Start of INFORMATION PROVIDED

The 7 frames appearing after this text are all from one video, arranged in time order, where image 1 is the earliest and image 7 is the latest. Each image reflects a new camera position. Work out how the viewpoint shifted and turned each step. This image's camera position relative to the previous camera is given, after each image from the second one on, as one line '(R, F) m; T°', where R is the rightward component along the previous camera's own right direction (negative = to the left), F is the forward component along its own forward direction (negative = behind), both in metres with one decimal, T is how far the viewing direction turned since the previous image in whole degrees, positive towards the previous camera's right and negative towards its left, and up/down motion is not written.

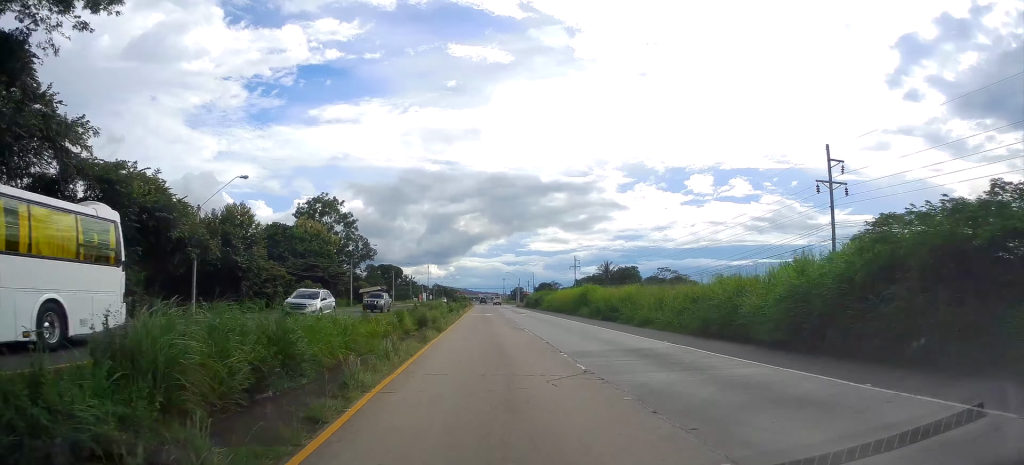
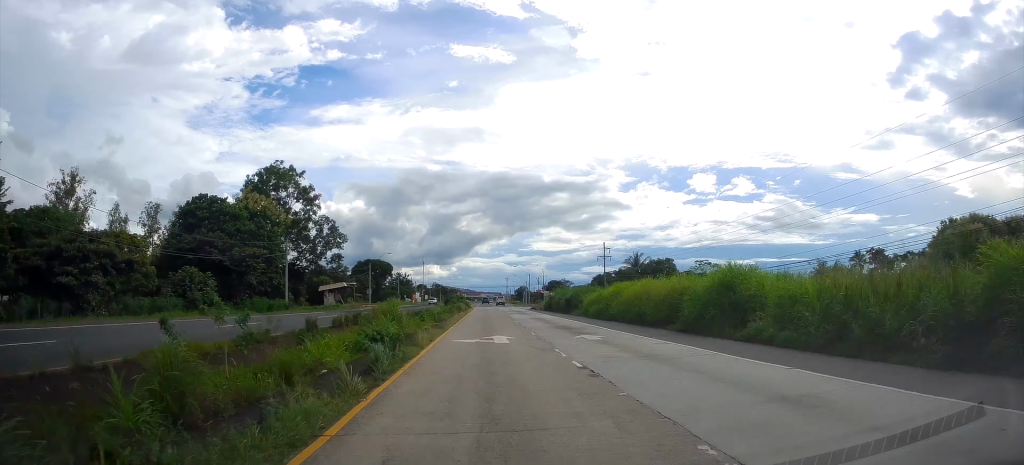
(-0.3, +30.1) m; 0°
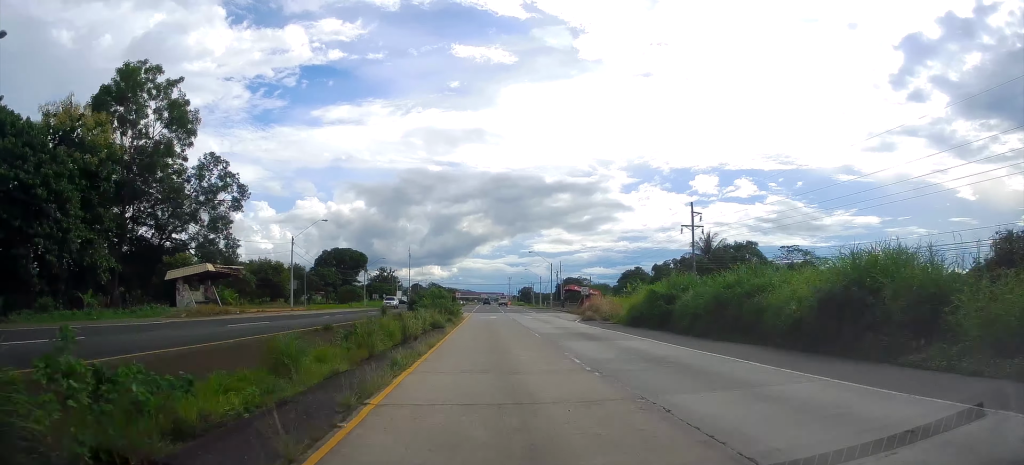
(+0.2, +44.4) m; 0°
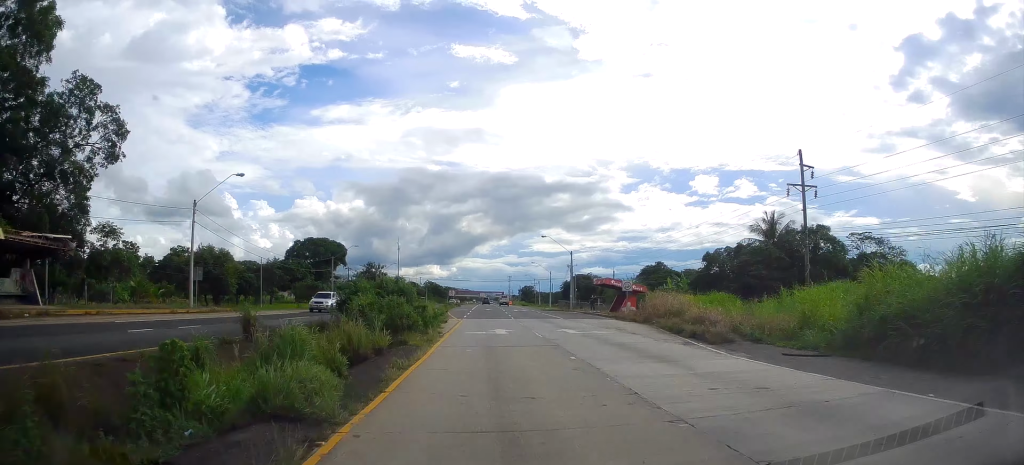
(-0.1, +22.5) m; 0°
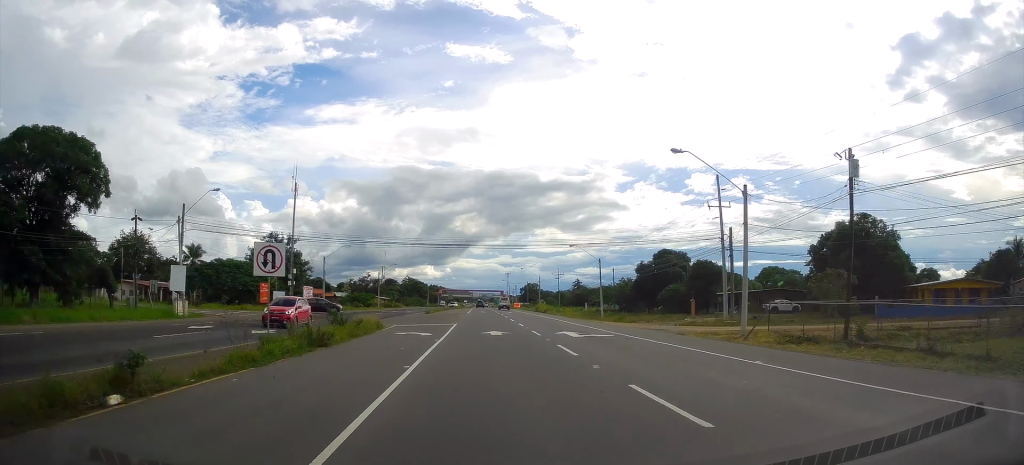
(+0.3, +88.9) m; +1°
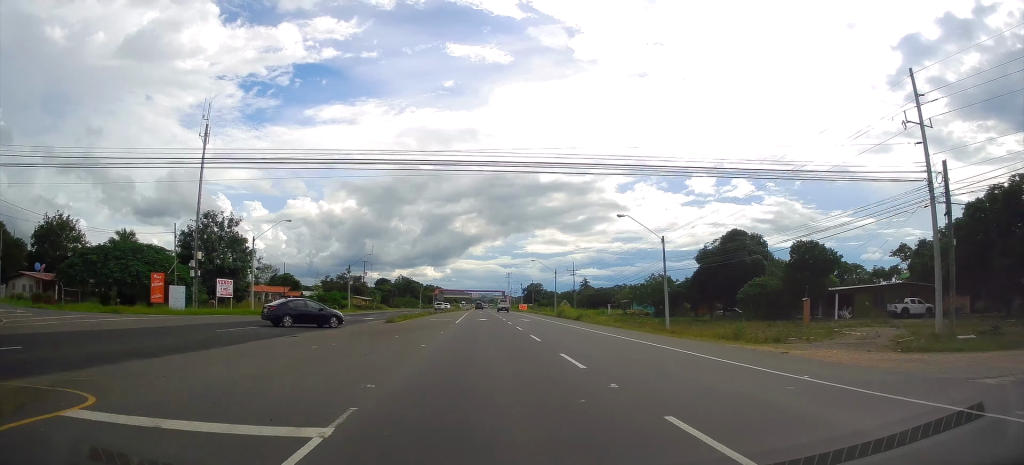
(+0.3, +26.7) m; 0°
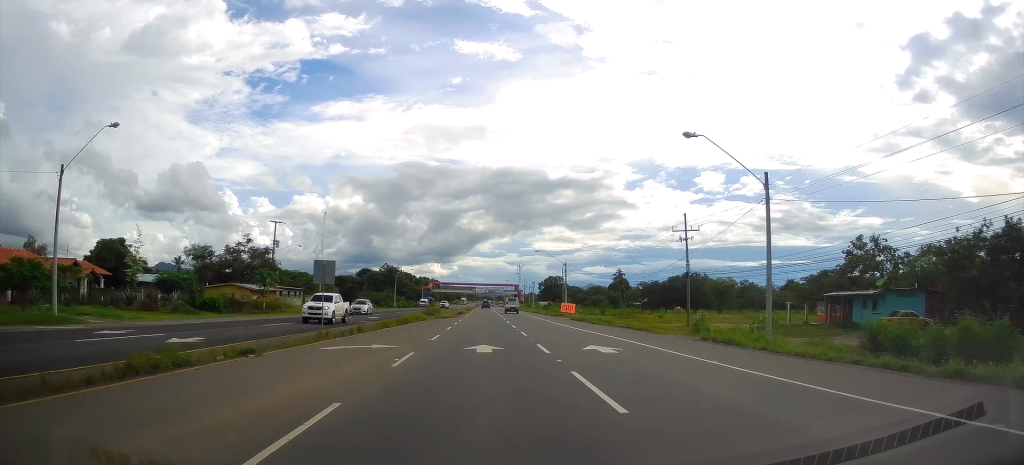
(-0.9, +68.8) m; -1°
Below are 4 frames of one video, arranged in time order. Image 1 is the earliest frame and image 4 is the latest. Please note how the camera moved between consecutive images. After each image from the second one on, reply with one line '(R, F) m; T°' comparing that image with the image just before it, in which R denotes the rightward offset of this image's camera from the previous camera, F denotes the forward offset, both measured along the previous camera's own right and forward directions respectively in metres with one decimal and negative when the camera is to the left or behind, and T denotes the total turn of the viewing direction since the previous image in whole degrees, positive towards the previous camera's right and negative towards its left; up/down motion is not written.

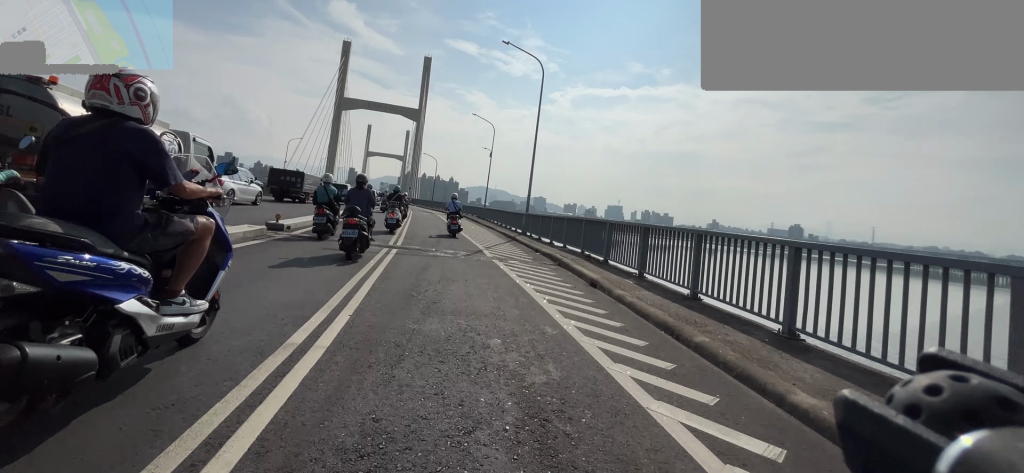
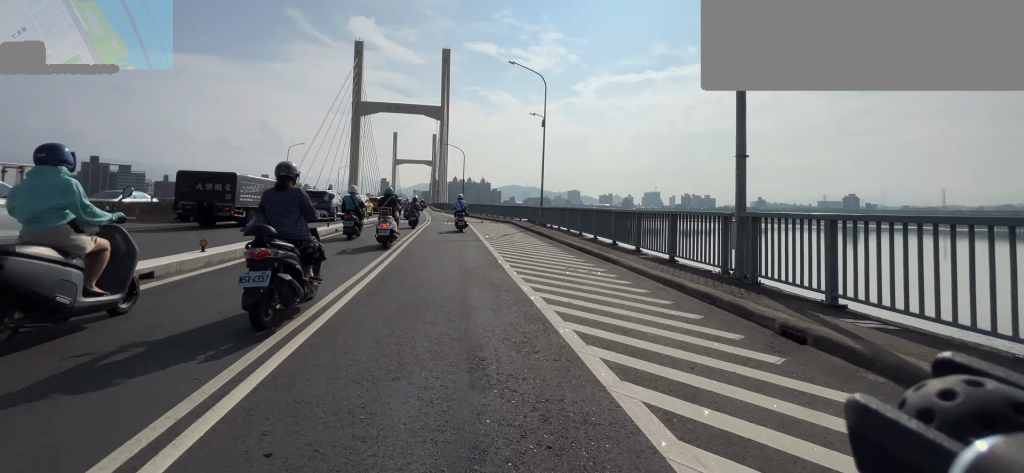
(-0.6, +17.0) m; -3°
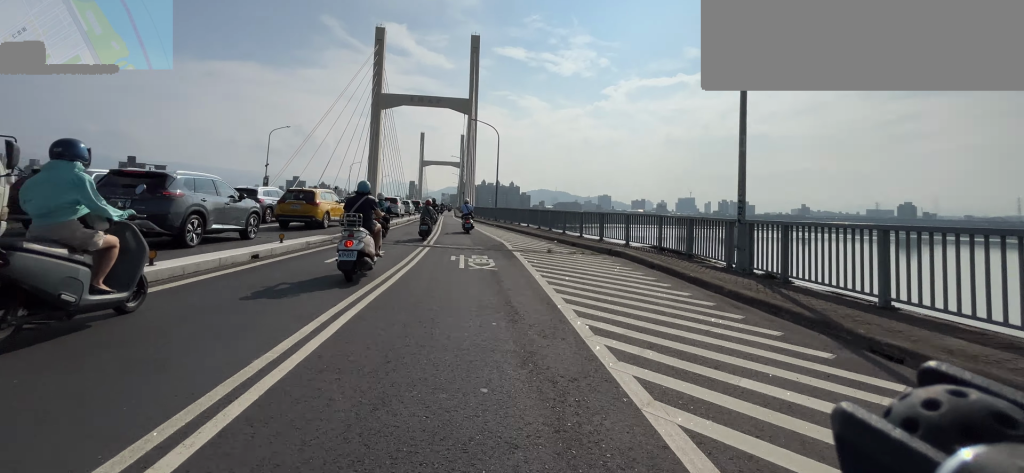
(-0.2, +17.8) m; -2°
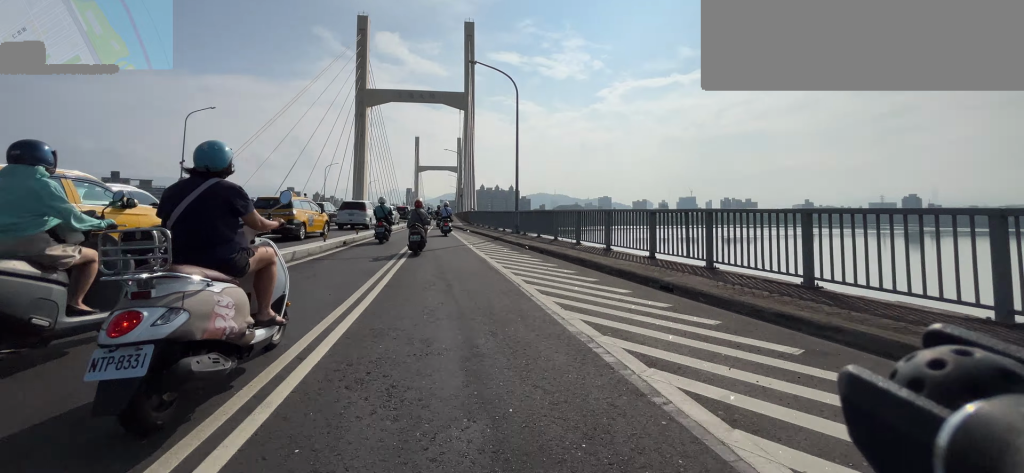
(-0.2, +14.3) m; -2°
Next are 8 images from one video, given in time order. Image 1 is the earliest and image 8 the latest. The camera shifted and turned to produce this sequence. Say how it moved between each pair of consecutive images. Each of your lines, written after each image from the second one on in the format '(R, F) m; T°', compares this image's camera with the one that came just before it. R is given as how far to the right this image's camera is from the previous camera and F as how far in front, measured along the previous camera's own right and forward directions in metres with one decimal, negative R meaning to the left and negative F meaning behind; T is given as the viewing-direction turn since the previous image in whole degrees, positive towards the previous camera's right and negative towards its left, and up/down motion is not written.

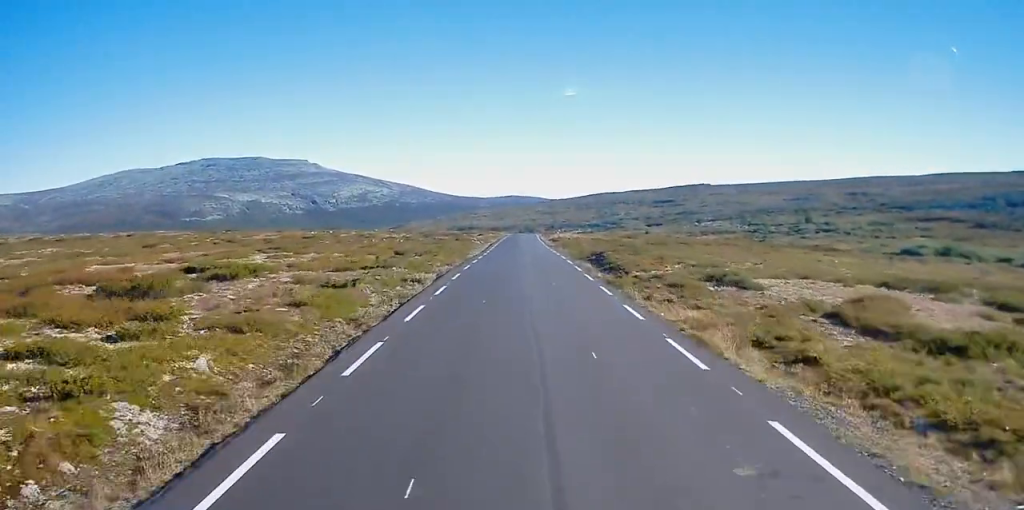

End of INFORMATION PROVIDED

◆ WHAT THIS TASK INVOLVES ◆
Every line above should be returned word for word, with the pictures left behind.

◆ SOLUTION TO THE EXERCISE ◆
The 7 frames appearing after this text are all from one video, arranged in time order, where image 1 is the earliest and image 7 is the latest. Each image reflects a new camera position. Work out how the viewpoint shifted and turned each step. This image's camera position relative to the previous camera is given, after each image from the second one on, as one line '(R, F) m; T°', where R is the rightward component along the previous camera's own right direction (negative = to the left), F is the forward component along its own forward direction (negative = behind), both in metres with one decimal, T is how far the viewing direction turned since the previous image in whole degrees, positive towards the previous camera's right and negative towards its left, and up/down motion is not written.

(-0.3, +30.1) m; 0°
(+0.2, +44.4) m; 0°
(-0.1, +22.5) m; 0°
(+0.3, +88.9) m; +1°
(+0.3, +26.7) m; 0°
(-0.9, +68.8) m; -1°
Below are 4 frames of one video, arranged in time order. Image 1 is the earliest frame and image 4 is the latest. Please note how the camera moved between consecutive images. After each image from the second one on, reply with one line '(R, F) m; T°' comparing that image with the image just before it, in which R denotes the rightward offset of this image's camera from the previous camera, F denotes the forward offset, both measured along the previous camera's own right and forward directions respectively in metres with one decimal and negative when the camera is to the left or behind, and T denotes the total turn of the viewing direction since the previous image in whole degrees, positive towards the previous camera's right and negative towards its left; up/down motion is not written.

(-0.6, +17.0) m; -3°
(-0.2, +17.8) m; -2°
(-0.2, +14.3) m; -2°
Next are 8 images from one video, given in time order. Image 1 is the earliest and image 8 the latest. The camera shifted and turned to produce this sequence. Say how it moved between each pair of consecutive images. Each of your lines, written after each image from the second one on in the format '(R, F) m; T°', compares this image's camera with the one that came just before it. R is given as how far to the right this image's camera is from the previous camera and F as how far in front, measured along the previous camera's own right and forward directions in metres with one decimal, negative R meaning to the left and negative F meaning behind; T is given as the viewing-direction turn since the previous image in whole degrees, positive towards the previous camera's right and negative towards its left, and up/down motion is not written.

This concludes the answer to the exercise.